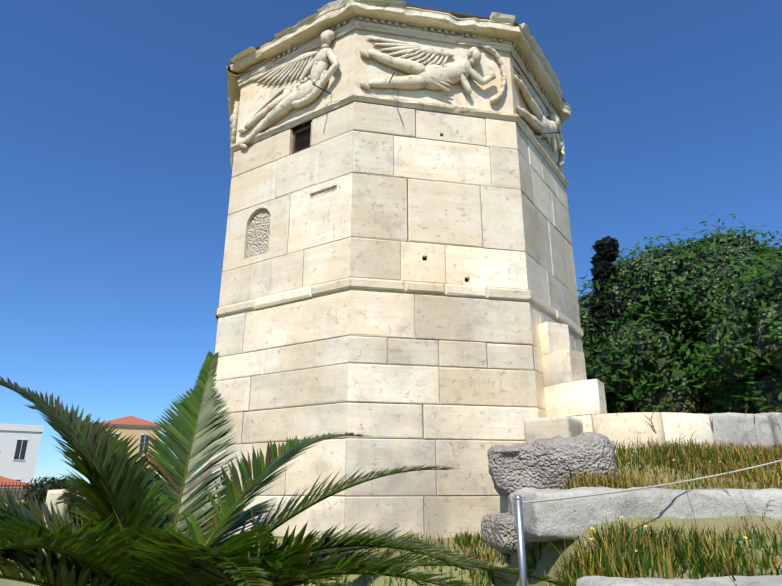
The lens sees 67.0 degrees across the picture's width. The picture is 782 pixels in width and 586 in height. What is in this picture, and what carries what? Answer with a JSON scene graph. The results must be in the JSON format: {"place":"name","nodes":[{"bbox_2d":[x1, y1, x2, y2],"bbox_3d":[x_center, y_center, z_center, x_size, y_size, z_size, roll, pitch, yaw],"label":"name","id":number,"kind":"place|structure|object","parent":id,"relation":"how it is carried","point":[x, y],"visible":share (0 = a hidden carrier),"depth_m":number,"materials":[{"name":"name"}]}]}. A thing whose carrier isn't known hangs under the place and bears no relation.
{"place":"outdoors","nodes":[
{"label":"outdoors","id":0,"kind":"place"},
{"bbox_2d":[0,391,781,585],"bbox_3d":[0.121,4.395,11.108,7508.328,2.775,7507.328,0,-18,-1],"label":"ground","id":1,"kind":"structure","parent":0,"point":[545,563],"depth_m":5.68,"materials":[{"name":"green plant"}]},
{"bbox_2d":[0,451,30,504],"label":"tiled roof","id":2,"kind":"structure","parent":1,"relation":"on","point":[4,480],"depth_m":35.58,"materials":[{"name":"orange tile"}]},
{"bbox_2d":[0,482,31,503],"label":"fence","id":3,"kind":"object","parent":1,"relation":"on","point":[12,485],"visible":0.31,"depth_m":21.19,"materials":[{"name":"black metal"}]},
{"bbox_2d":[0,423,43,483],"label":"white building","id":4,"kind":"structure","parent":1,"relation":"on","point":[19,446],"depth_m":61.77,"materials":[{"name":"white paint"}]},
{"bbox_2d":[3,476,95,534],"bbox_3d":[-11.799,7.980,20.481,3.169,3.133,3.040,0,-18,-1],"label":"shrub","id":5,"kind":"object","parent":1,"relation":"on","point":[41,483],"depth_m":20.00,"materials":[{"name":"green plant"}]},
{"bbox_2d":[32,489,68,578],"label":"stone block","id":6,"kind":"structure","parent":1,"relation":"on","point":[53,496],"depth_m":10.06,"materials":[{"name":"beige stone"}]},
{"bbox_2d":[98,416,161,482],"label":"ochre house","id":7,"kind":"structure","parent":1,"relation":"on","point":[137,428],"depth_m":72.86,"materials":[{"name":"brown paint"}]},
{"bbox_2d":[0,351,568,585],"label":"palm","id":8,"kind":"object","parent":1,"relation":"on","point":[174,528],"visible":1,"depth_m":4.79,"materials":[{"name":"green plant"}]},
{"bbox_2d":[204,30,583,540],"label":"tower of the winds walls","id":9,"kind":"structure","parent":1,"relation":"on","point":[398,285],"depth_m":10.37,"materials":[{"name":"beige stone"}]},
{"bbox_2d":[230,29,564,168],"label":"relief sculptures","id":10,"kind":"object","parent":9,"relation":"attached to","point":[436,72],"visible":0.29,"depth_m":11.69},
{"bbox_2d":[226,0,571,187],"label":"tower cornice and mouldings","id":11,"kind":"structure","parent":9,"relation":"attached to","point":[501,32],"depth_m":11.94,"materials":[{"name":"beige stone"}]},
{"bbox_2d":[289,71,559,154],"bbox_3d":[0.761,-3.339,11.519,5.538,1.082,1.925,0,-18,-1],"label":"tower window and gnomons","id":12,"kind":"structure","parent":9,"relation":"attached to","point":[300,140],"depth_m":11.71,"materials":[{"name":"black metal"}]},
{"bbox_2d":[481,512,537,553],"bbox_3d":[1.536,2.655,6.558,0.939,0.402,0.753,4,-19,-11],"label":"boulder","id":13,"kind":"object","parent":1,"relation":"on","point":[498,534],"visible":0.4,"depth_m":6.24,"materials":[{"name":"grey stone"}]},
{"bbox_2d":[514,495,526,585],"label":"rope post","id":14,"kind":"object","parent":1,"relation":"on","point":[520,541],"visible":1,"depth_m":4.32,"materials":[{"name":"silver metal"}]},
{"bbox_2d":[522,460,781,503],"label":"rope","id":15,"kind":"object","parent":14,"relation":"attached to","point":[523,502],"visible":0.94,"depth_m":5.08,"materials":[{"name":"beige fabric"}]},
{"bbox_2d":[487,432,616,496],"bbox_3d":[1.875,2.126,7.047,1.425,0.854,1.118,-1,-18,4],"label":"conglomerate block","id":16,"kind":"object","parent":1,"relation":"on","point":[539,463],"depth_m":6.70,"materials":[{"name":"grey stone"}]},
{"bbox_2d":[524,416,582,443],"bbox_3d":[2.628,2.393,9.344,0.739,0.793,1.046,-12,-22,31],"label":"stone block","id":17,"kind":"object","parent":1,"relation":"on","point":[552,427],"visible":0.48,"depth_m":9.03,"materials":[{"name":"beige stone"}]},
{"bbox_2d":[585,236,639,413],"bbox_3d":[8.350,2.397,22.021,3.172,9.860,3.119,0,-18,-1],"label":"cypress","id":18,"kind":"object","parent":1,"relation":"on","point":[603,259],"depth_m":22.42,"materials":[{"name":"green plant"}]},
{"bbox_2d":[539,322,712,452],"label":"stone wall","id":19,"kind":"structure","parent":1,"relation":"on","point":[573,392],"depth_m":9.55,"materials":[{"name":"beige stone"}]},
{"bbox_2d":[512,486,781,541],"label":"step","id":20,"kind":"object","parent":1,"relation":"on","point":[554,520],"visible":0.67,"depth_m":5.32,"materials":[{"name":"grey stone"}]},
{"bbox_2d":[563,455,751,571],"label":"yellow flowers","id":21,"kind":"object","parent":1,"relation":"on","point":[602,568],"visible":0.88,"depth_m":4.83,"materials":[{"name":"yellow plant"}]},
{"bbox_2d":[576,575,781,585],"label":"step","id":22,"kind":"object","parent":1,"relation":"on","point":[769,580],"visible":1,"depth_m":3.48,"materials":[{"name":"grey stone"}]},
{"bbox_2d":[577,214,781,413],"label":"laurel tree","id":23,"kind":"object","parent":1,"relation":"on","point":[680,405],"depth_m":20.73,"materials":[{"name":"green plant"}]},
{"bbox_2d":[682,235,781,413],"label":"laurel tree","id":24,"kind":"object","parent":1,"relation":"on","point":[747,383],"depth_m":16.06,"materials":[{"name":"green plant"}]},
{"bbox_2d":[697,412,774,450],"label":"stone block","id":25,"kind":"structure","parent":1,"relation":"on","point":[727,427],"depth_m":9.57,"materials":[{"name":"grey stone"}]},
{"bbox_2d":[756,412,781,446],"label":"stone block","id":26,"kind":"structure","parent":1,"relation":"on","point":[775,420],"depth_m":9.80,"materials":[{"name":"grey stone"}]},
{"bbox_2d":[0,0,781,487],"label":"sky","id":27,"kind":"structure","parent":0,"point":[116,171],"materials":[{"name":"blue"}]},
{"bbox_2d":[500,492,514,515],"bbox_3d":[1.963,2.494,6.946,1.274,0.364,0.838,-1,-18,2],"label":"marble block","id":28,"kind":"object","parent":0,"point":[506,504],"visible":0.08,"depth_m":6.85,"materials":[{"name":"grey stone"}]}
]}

= Problem to work on =
Without including any pictures, please restate all the records exactly.

= Answer to the problem =
The lens sees 67.0 degrees across the picture's width. The picture is 782 pixels in width and 586 in height. What is in this picture, and what carries what? Answer with a JSON scene graph. The results must be in the JSON format: {"place":"name","nodes":[{"bbox_2d":[x1, y1, x2, y2],"bbox_3d":[x_center, y_center, z_center, x_size, y_size, z_size, roll, pitch, yaw],"label":"name","id":number,"kind":"place|structure|object","parent":id,"relation":"how it is carried","point":[x, y],"visible":share (0 = a hidden carrier),"depth_m":number,"materials":[{"name":"name"}]}]}. A thing whose carrier isn't known hangs under the place and bears no relation.
{"place":"outdoors","nodes":[
{"label":"outdoors","id":0,"kind":"place"},
{"bbox_2d":[0,391,781,585],"bbox_3d":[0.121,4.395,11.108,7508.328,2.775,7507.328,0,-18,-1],"label":"ground","id":1,"kind":"structure","parent":0,"point":[545,563],"depth_m":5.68,"materials":[{"name":"green plant"}]},
{"bbox_2d":[0,451,30,504],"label":"tiled roof","id":2,"kind":"structure","parent":1,"relation":"on","point":[4,480],"depth_m":35.58,"materials":[{"name":"orange tile"}]},
{"bbox_2d":[0,482,31,503],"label":"fence","id":3,"kind":"object","parent":1,"relation":"on","point":[12,485],"visible":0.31,"depth_m":21.19,"materials":[{"name":"black metal"}]},
{"bbox_2d":[0,423,43,483],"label":"white building","id":4,"kind":"structure","parent":1,"relation":"on","point":[19,446],"depth_m":61.77,"materials":[{"name":"white paint"}]},
{"bbox_2d":[3,476,95,534],"bbox_3d":[-11.799,7.980,20.481,3.169,3.133,3.040,0,-18,-1],"label":"shrub","id":5,"kind":"object","parent":1,"relation":"on","point":[41,483],"depth_m":20.00,"materials":[{"name":"green plant"}]},
{"bbox_2d":[32,489,68,578],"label":"stone block","id":6,"kind":"structure","parent":1,"relation":"on","point":[53,496],"depth_m":10.06,"materials":[{"name":"beige stone"}]},
{"bbox_2d":[98,416,161,482],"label":"ochre house","id":7,"kind":"structure","parent":1,"relation":"on","point":[137,428],"depth_m":72.86,"materials":[{"name":"brown paint"}]},
{"bbox_2d":[0,351,568,585],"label":"palm","id":8,"kind":"object","parent":1,"relation":"on","point":[174,528],"visible":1,"depth_m":4.79,"materials":[{"name":"green plant"}]},
{"bbox_2d":[204,30,583,540],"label":"tower of the winds walls","id":9,"kind":"structure","parent":1,"relation":"on","point":[398,285],"depth_m":10.37,"materials":[{"name":"beige stone"}]},
{"bbox_2d":[230,29,564,168],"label":"relief sculptures","id":10,"kind":"object","parent":9,"relation":"attached to","point":[436,72],"visible":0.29,"depth_m":11.69},
{"bbox_2d":[226,0,571,187],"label":"tower cornice and mouldings","id":11,"kind":"structure","parent":9,"relation":"attached to","point":[501,32],"depth_m":11.94,"materials":[{"name":"beige stone"}]},
{"bbox_2d":[289,71,559,154],"bbox_3d":[0.761,-3.339,11.519,5.538,1.082,1.925,0,-18,-1],"label":"tower window and gnomons","id":12,"kind":"structure","parent":9,"relation":"attached to","point":[300,140],"depth_m":11.71,"materials":[{"name":"black metal"}]},
{"bbox_2d":[481,512,537,553],"bbox_3d":[1.536,2.655,6.558,0.939,0.402,0.753,4,-19,-11],"label":"boulder","id":13,"kind":"object","parent":1,"relation":"on","point":[498,534],"visible":0.4,"depth_m":6.24,"materials":[{"name":"grey stone"}]},
{"bbox_2d":[514,495,526,585],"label":"rope post","id":14,"kind":"object","parent":1,"relation":"on","point":[520,541],"visible":1,"depth_m":4.32,"materials":[{"name":"silver metal"}]},
{"bbox_2d":[522,460,781,503],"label":"rope","id":15,"kind":"object","parent":14,"relation":"attached to","point":[523,502],"visible":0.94,"depth_m":5.08,"materials":[{"name":"beige fabric"}]},
{"bbox_2d":[487,432,616,496],"bbox_3d":[1.875,2.126,7.047,1.425,0.854,1.118,-1,-18,4],"label":"conglomerate block","id":16,"kind":"object","parent":1,"relation":"on","point":[539,463],"depth_m":6.70,"materials":[{"name":"grey stone"}]},
{"bbox_2d":[524,416,582,443],"bbox_3d":[2.628,2.393,9.344,0.739,0.793,1.046,-12,-22,31],"label":"stone block","id":17,"kind":"object","parent":1,"relation":"on","point":[552,427],"visible":0.48,"depth_m":9.03,"materials":[{"name":"beige stone"}]},
{"bbox_2d":[585,236,639,413],"bbox_3d":[8.350,2.397,22.021,3.172,9.860,3.119,0,-18,-1],"label":"cypress","id":18,"kind":"object","parent":1,"relation":"on","point":[603,259],"depth_m":22.42,"materials":[{"name":"green plant"}]},
{"bbox_2d":[539,322,712,452],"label":"stone wall","id":19,"kind":"structure","parent":1,"relation":"on","point":[573,392],"depth_m":9.55,"materials":[{"name":"beige stone"}]},
{"bbox_2d":[512,486,781,541],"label":"step","id":20,"kind":"object","parent":1,"relation":"on","point":[554,520],"visible":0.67,"depth_m":5.32,"materials":[{"name":"grey stone"}]},
{"bbox_2d":[563,455,751,571],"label":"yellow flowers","id":21,"kind":"object","parent":1,"relation":"on","point":[602,568],"visible":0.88,"depth_m":4.83,"materials":[{"name":"yellow plant"}]},
{"bbox_2d":[576,575,781,585],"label":"step","id":22,"kind":"object","parent":1,"relation":"on","point":[769,580],"visible":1,"depth_m":3.48,"materials":[{"name":"grey stone"}]},
{"bbox_2d":[577,214,781,413],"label":"laurel tree","id":23,"kind":"object","parent":1,"relation":"on","point":[680,405],"depth_m":20.73,"materials":[{"name":"green plant"}]},
{"bbox_2d":[682,235,781,413],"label":"laurel tree","id":24,"kind":"object","parent":1,"relation":"on","point":[747,383],"depth_m":16.06,"materials":[{"name":"green plant"}]},
{"bbox_2d":[697,412,774,450],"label":"stone block","id":25,"kind":"structure","parent":1,"relation":"on","point":[727,427],"depth_m":9.57,"materials":[{"name":"grey stone"}]},
{"bbox_2d":[756,412,781,446],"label":"stone block","id":26,"kind":"structure","parent":1,"relation":"on","point":[775,420],"depth_m":9.80,"materials":[{"name":"grey stone"}]},
{"bbox_2d":[0,0,781,487],"label":"sky","id":27,"kind":"structure","parent":0,"point":[116,171],"materials":[{"name":"blue"}]},
{"bbox_2d":[500,492,514,515],"bbox_3d":[1.963,2.494,6.946,1.274,0.364,0.838,-1,-18,2],"label":"marble block","id":28,"kind":"object","parent":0,"point":[506,504],"visible":0.08,"depth_m":6.85,"materials":[{"name":"grey stone"}]}
]}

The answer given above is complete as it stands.